Düşünce ve basın özgürlüğü için
Tüm bu yaşananlarının AKP iktidarının “hukuk reformu yapıyoruz” söylemleri ile çakışması ise durumu daha da trajikleştiriyor. Tarafı olduğu Avrupa İnsan Hakları Mahkemesi’nin karalarına ve kendi iç hukukuna uymayan AKP iktidarının yapacağı “hukuk reformu” ise en iyi ihtimalle kendi gayri meşru fiillerine yasal zeminler oluşturmaktan başka bir sonuç yaratmayacaktır.
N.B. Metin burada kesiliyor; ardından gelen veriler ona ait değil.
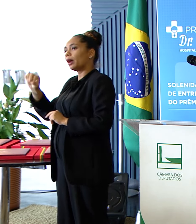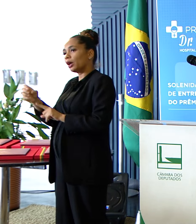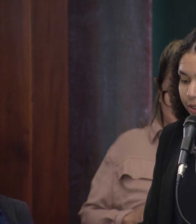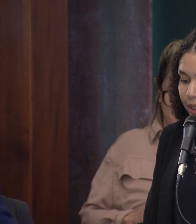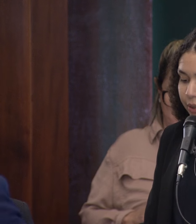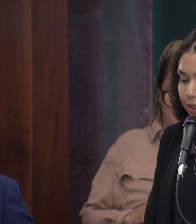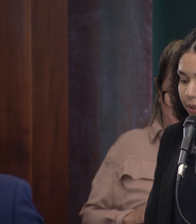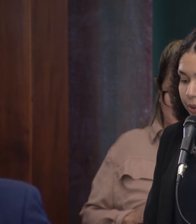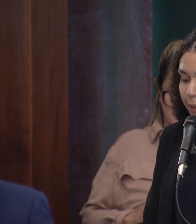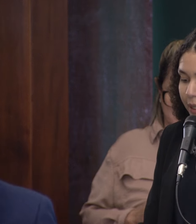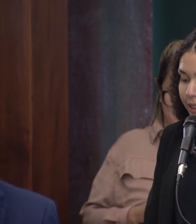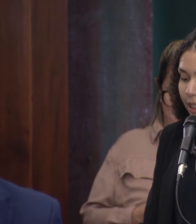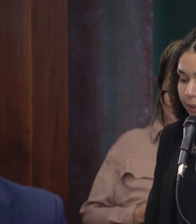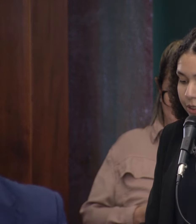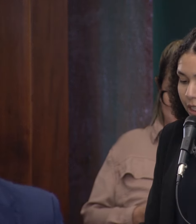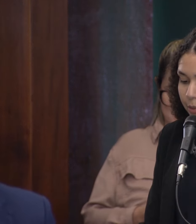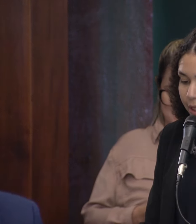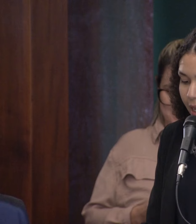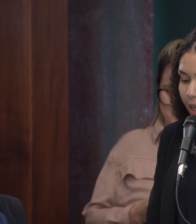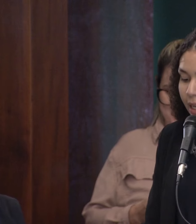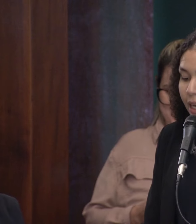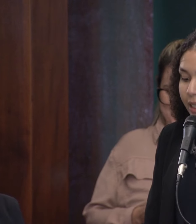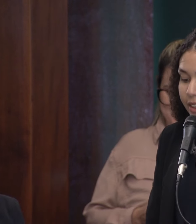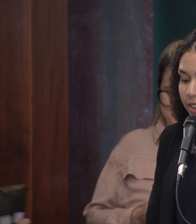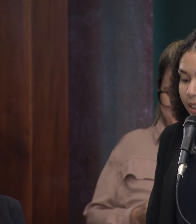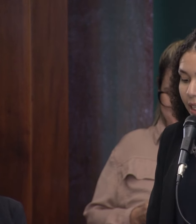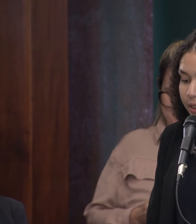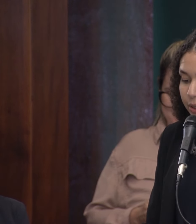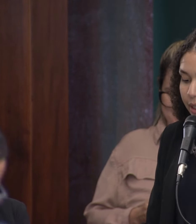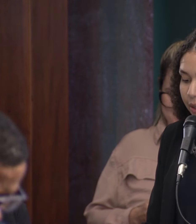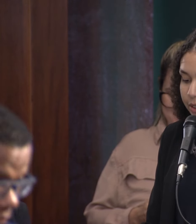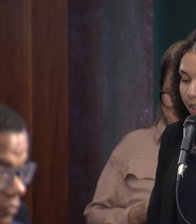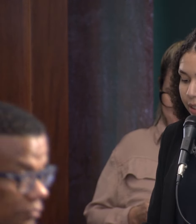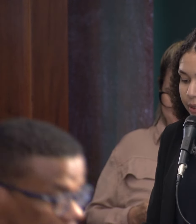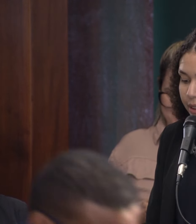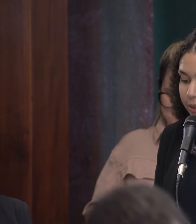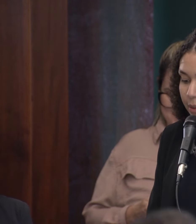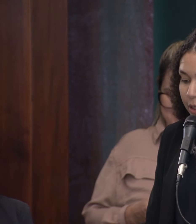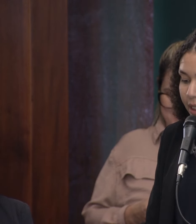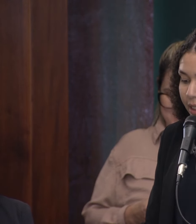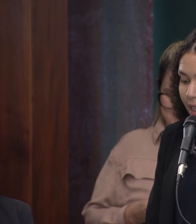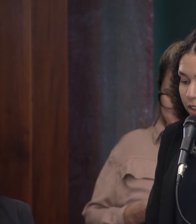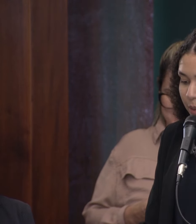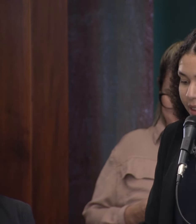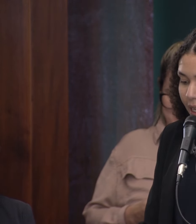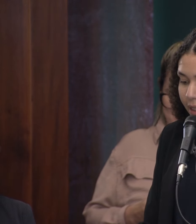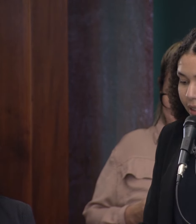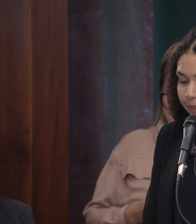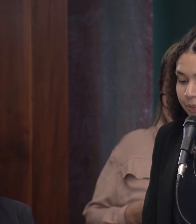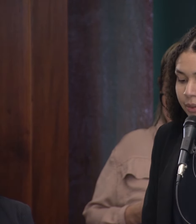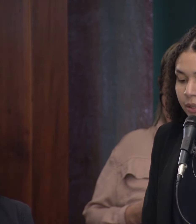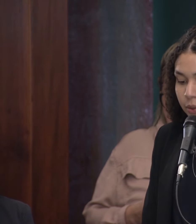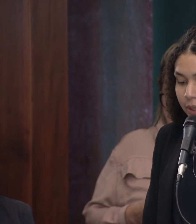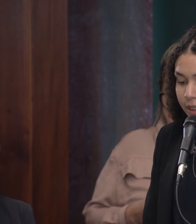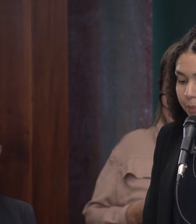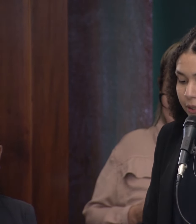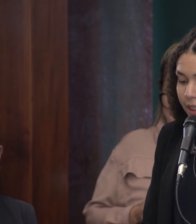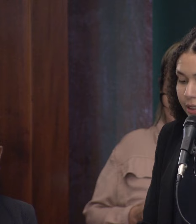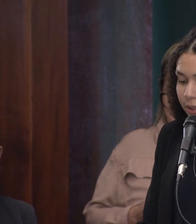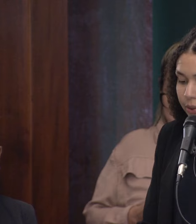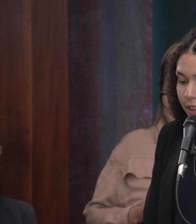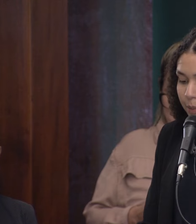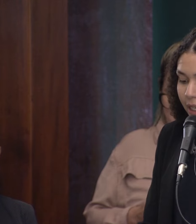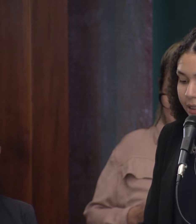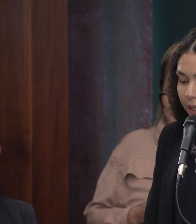o Dia Internacional de Luta pela Saúde da Mulher e Dia Nacional de Redução da Mortalidade Materna. Duas

Bütünlüğü içerisinde bu tablo şu gerçeği bir kez daha gözler önüne sermektedir: Hak kazanımı ve kullanımı ancak ve ancak kitlelerin mücadeleleri ile sağlanabilir. Burada kısaca değindiğimiz basın ve düşünce özgürlüğüne yönelik saldırılar kadar tarihte bu hak uğuruna verilen mücadeleler de vardır. Düşünce ve basın özgürlüğünün anayasalara, kanunlara bir ilke olarak girebilmesi dahi bu mücadelelerin eserdir. Onu kalıcılaştırmak, uygulanabilir kılmak ise artık sosyalist mücadelenin, sınıf mücadelesinin sorunu ve kapsamı içindedir. Zira, kapitalist düzen basın ve düşünce özgürlüğü kapsamında kâğıt üzerinde kalan yap-boz düzenlemeler yapmaktan ve minareye kılıf uydurmaktan başka bir şey yapmamıştır, yapmayacaktır da.
Hür düşünce, hür basın bir insan hakkı olarak ancak insanın insan tarafından sömürülmediği sosyalizmde hayat bulacak, yerlerde sürünmekten kurtulacaktır.